For now, Ryerson's plans for an eastward expansion are on hold. It will take time for the Ontario Realty Corporation to decide how to use the old Sears building and its parking lot, and Ryerson will also have to approve a higher athletics fee in a referendum next month to pay for any potential new recreational centre. The city and the school can't move forward with their plans to build on Victoria Street until the city finds a new home for the public health offices in the city-owned building Ryerson covets. Since the school is hoping private developers will provide a lot of the new residences, students might also have to wait until the recession is over before the city of student-focused apartment buildings envisioned in the Master Plan comes to pass. The plan to offload residence spaces onto private builders has other disadvantages:

Landlords tend to charge more than the school, and some student politicians have opposed the idea of privatizing student housing.

And if the school wants to make a move on Moss Park, it will have a lot of work to do convincing the city. Sutton points out that the city might be loathe to lose anymore grass in the downtown, as a Ryerson arena on the site would almost certainly cover a huge chunk of the remaining park.

Ultimately, he doesn't believe another rink in the area would hurt Moss Park at all.

"[People] would like some more ice here, but I just don't have it," he says. "There's a shortage of rinks."

Rae himself isn't particularly keen on Ryerson buying up too much land — since universities don't pay property tax, any land they acquire means less revenue for city coffers. Regardless, the city councillor believes Ryerson will help drive development in the area.

"They're catalytic," he says. "We can't redevelop the east downtown without Ryerson.
 
http://www.ryerson.ca/news/media/General_Public/20110621_MR_funding.html

MEDIA RELEASE

McGuinty Government funds new Health Sciences Building at Ryerson University

$56.4M investment provides state-of-the-art facilities


June 21, 2011


The Government of Ontario is investing $56.4 million in a new health sciences building at Ryerson University. The Hon. John Milloy, Minister of Training Colleges and Universities joined the Hon. Glen Murray, MPP for Toronto Centre and Minister of Research and Innovation to make the announcement today at a news conference on the Ryerson campus.

Today's announcement by the McGuinty government will enable Ryerson to build a new health sciences building with state-of-the-art labs and classrooms to house a number of health-related programs, including the Daphne Cockwell School of Nursing.

“It will also enable Ryerson to increase our enrolment by 1,800 students,” Levy said. “We are especially grateful for the support of our MPP, The Hon. Glen Murray, Minister of Research and Innovation, and The Hon. John Milloy, Minister of Training, Colleges and Universities.”

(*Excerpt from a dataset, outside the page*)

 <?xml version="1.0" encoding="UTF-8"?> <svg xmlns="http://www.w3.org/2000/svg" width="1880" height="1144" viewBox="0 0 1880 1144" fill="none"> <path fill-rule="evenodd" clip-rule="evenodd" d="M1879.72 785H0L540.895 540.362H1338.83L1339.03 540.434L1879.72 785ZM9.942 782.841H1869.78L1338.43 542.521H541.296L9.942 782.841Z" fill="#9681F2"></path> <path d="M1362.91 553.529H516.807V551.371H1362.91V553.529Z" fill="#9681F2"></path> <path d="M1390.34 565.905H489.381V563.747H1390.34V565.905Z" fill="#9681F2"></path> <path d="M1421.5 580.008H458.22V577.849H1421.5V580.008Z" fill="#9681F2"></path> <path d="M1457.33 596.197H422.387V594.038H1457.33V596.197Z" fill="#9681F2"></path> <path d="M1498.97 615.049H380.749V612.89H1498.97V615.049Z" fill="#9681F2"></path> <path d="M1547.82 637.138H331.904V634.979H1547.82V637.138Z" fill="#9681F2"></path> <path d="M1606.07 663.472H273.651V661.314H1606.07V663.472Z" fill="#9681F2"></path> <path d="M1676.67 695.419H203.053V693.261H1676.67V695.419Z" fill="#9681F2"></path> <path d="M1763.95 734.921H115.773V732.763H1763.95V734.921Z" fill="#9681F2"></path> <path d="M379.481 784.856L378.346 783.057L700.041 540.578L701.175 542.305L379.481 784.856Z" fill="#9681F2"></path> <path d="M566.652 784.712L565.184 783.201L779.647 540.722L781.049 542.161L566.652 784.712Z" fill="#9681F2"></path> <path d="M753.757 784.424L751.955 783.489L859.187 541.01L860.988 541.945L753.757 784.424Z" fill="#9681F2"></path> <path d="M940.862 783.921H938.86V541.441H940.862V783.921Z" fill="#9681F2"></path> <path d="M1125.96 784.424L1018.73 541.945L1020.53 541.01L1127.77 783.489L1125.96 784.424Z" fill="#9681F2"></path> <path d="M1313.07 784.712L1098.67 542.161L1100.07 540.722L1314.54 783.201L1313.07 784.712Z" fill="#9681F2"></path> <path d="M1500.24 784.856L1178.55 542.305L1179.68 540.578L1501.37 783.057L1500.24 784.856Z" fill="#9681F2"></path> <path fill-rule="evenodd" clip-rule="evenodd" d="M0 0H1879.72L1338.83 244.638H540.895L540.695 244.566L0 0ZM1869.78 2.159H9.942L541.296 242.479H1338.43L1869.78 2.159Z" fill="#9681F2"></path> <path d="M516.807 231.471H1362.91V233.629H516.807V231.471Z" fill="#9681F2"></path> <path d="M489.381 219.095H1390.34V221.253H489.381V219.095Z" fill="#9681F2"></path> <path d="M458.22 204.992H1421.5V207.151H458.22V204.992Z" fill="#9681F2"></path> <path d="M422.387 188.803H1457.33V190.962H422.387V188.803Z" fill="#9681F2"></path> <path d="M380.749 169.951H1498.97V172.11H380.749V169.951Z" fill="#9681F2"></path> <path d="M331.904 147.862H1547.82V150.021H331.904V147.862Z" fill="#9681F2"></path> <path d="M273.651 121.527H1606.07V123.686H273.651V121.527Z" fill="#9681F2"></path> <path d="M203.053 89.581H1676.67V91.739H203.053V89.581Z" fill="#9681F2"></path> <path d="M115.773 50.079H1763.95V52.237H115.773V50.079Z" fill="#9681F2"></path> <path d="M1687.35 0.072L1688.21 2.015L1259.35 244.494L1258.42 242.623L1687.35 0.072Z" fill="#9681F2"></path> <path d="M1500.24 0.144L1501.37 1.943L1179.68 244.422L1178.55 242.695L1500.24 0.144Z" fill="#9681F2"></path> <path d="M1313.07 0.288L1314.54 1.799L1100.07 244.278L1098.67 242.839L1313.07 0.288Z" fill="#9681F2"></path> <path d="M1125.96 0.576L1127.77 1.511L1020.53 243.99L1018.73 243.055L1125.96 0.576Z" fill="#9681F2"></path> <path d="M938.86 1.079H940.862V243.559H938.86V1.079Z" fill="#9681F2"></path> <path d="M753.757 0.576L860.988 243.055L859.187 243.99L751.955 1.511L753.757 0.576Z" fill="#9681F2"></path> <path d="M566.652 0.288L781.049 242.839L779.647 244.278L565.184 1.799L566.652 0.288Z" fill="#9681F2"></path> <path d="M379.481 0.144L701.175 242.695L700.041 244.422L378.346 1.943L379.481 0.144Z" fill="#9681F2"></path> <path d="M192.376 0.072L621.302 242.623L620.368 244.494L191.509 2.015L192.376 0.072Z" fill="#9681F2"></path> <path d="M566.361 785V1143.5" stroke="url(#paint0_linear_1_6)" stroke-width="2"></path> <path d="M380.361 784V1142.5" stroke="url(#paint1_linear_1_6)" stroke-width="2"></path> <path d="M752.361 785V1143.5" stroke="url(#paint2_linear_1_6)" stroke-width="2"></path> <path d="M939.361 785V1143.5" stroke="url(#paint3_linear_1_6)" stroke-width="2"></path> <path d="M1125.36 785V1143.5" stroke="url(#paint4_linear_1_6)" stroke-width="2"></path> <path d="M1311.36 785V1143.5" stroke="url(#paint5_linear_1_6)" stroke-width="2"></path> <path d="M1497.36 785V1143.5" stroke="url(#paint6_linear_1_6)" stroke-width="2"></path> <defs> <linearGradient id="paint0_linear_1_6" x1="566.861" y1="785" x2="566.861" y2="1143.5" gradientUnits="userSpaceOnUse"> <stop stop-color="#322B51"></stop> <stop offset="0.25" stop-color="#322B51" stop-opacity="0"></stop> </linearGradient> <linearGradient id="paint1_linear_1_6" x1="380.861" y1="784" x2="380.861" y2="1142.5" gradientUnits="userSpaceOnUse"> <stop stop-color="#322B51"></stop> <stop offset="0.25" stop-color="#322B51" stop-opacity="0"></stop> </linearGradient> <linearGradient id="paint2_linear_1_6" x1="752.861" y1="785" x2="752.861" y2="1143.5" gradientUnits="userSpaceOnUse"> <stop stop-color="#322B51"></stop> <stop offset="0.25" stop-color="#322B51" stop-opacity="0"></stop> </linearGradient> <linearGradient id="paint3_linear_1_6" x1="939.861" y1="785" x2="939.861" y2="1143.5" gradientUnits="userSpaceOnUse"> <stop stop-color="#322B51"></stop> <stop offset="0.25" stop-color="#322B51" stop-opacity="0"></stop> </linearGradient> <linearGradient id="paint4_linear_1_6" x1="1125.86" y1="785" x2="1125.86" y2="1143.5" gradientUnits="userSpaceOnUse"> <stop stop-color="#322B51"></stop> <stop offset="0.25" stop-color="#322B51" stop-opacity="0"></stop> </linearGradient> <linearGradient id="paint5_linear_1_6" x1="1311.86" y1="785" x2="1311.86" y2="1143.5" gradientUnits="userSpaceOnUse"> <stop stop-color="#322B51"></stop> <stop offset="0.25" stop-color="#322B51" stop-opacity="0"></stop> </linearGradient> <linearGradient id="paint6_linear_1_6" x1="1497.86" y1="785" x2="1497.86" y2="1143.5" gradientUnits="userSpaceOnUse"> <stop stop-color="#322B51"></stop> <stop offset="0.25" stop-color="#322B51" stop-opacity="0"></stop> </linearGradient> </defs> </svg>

Ryerson is continuing to experience high levels of demand at both undergraduate and graduate levels. The university has the highest ratio in Ontario of first choice applications from secondary-school students to number of places available. At the graduate level, Ryerson has more than 2,200 students in 52 programs.
 
Any idea where they plan to put this new building?

From the Toronto Blog:

The university hasn’t yet selected a site for the facility, and also has not yet chosen an architectural firm to design it, said Janet Mowat, Ryerson’s Director, Public Affairs / Marketing and Communications, when I inquired if any renderings are available.
 
From the Toronto Blog:

The university hasn’t yet selected a site for the facility, and also has not yet chosen an architectural firm to design it, said Janet Mowat, Ryerson’s Director, Public Affairs / Marketing and Communications, when I inquired if any renderings are available.

That is strange that they knew how much money they need even though they don't have a site in mind or anyone to design it. They must know more than they are saying.